Dina Kenitra FC has seen several notable players who have marked the club's history and distinguished themselves by being selected for the Morocco national futsal team. Among them, Mohamed Nessis and Otmane Boumezou, who played for the club between 2015 and 2017, established themselves as key players before their departure. Anas Taybi, present from 2017 to 2019, and Soufiane Lahlioui, active from 2018 to 2022, also contributed significantly, particularly Lahlioui, who finished as the league's top scorer in the 2020–2021 season with 40 goals.
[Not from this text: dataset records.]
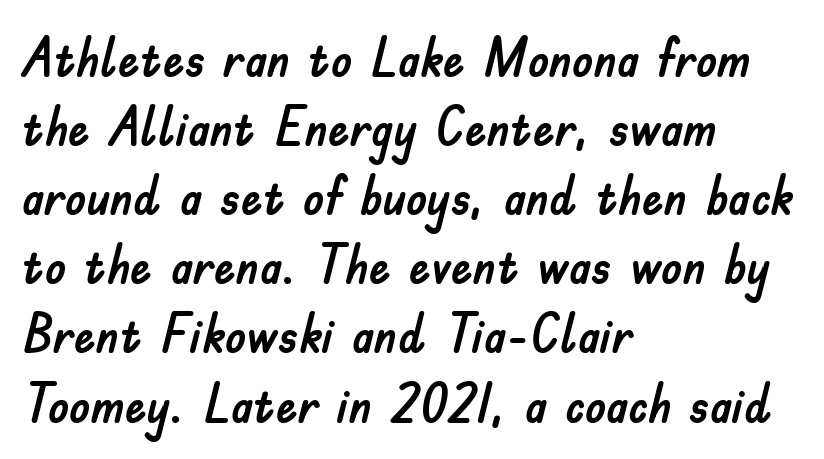
Q: Is the text italic (slanted)? A: Yes.
Q: Is the typeface a serif or a sans-serif typeface? A: Sans-serif.
Q: Is the text underlined? A: No.
Q: How is the paragraph aligned? A: Left-aligned.
Q: Is the spacing between letters normal or unusually wide? A: Normal.
Q: Is the spacing between lines tight, normal or loose? A: Normal.
Q: Width (condensed, normal, or wide)? A: Normal.
Q: Stroke contrast? A: Low.
Q: x-height? A: Small.
Q: Monospaced? A: No.
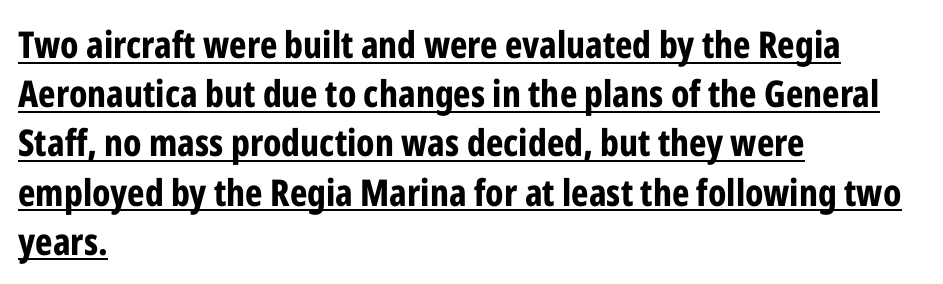
The image shows 37 px bold, condensed sans-serif type, upright; set left-aligned, normal line spacing (1.33x), normal letter spacing, underlined; low stroke contrast and a medium x-height.
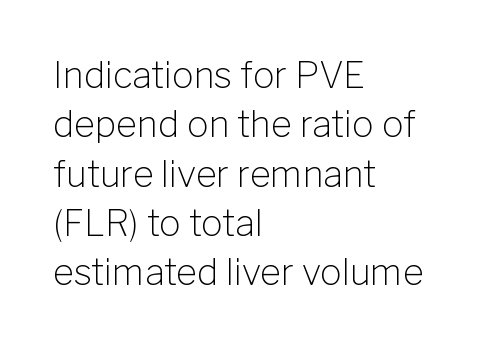
The type sits square on the baseline with zero lean. The glyphs are unaccompanied by any horizontal stroke below them. Summary of weight: not heavy and not bold. Look at the bottom of the vertical strokes: they stop flat, with no serifs. Tracking here is standard; glyphs follow each other at the usual distance.
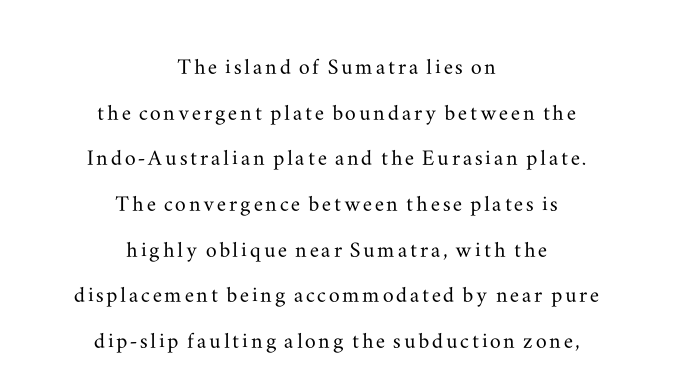
The image shows 27 px text type, upright; set centered, normal line spacing (1.69x), not underlined.
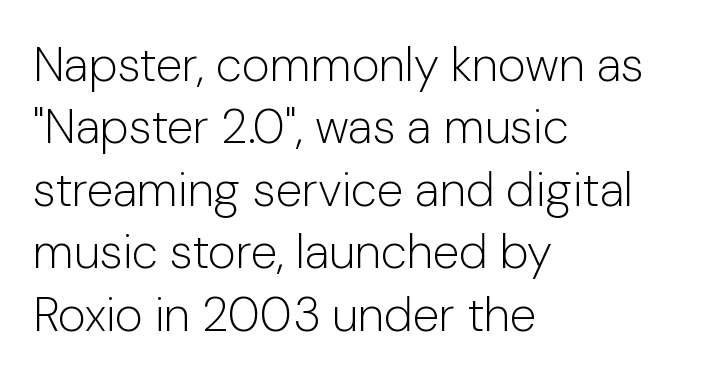
Nothing unusual about the tracking: characters are spaced as the font intends. Note: no serifs on the glyphs. The lines sit at an ordinary, default distance from one another. In CSS terms this would be text-align: left. The face used here is proportionally spaced, like ordinary book or web type.
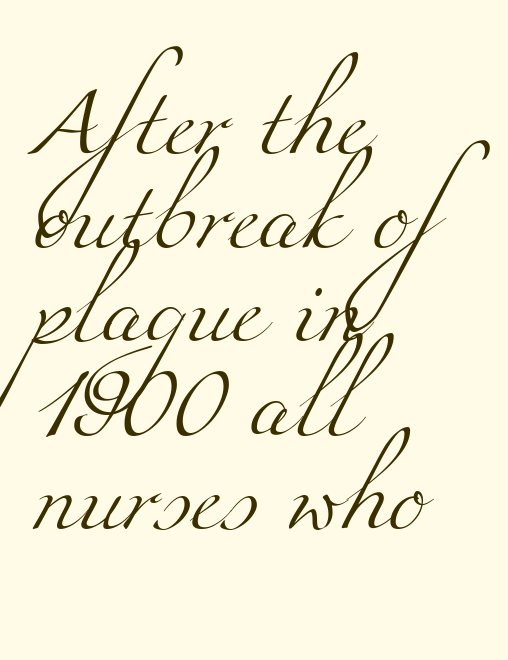
Does the copy run flush right? No — it runs flush left. Quick note: interline space is typical. How are the letters spaced? Ordinarily, with no added tracking. The area under the type is left untouched. This reads as an unemphasized weight, regular at the heaviest.

Other players like Anas Bakkali (2020–2023), Bilal Hamidouch (since 2022), as well as Ayoub El Ouandouri, Amine El Hiss, and Hamza Errouass have also showcased their talents while representing Morocco at the international level, further enhancing Dina Kenitra's reputation on the national stage.

== Current squad ==

| # | Position | Name | Nationality |
| 1 | Goalkeeper | Azzedine Tale (c) | MAR |
| 12 | Goalkeeper | Alaeddine Rahoui | MAR |
| 22 | Goalkeeper | Zakaria El Mouedene | MAR |
| 2 | Midfielder | Badr Barious | MAR |
| 3 | Midfielder | Mohammed Belqasmi | MAR |
| 4 | Midfielder | Tarik Elmissaoui | MAR |
| 6 | Midfielder | Moaad Hame | MAR |
| 7 | Midfielder | Issam Moumen | MAR |
| 8 | Midfielder | Soufiane Ja | MAR |
| 9 | Midfielder | Taha Amlaki | MAR |
| 10 | Midfielder | Bilal Tayaaeddine | MAR |
| 11 | Midfielder | Souhail Sliten | MAR |
| 14 | Midfielder | Othmane Sitel | MAR |
| 17 | Midfielder | Montasser Naia | MAR |
| — | Goalkeeper | Mohammed Belkhoukh | MAR |

== Structure, venue, and image ==
Dina Kenitra FC's home matches are held at the Al Wahda Hall, located in Kénitra. The sports infrastructure is shared by all high-level futsal teams in Kénitra. With a capacity of 2,500, Al Wahda Hall provides an ideal setting for hosting matches, creating an intense and lively atmosphere during important games.

== Partnerships ==
In December 2023, Dina Kenitra FC signed a partnership with the Dutch club Tigers Roermond.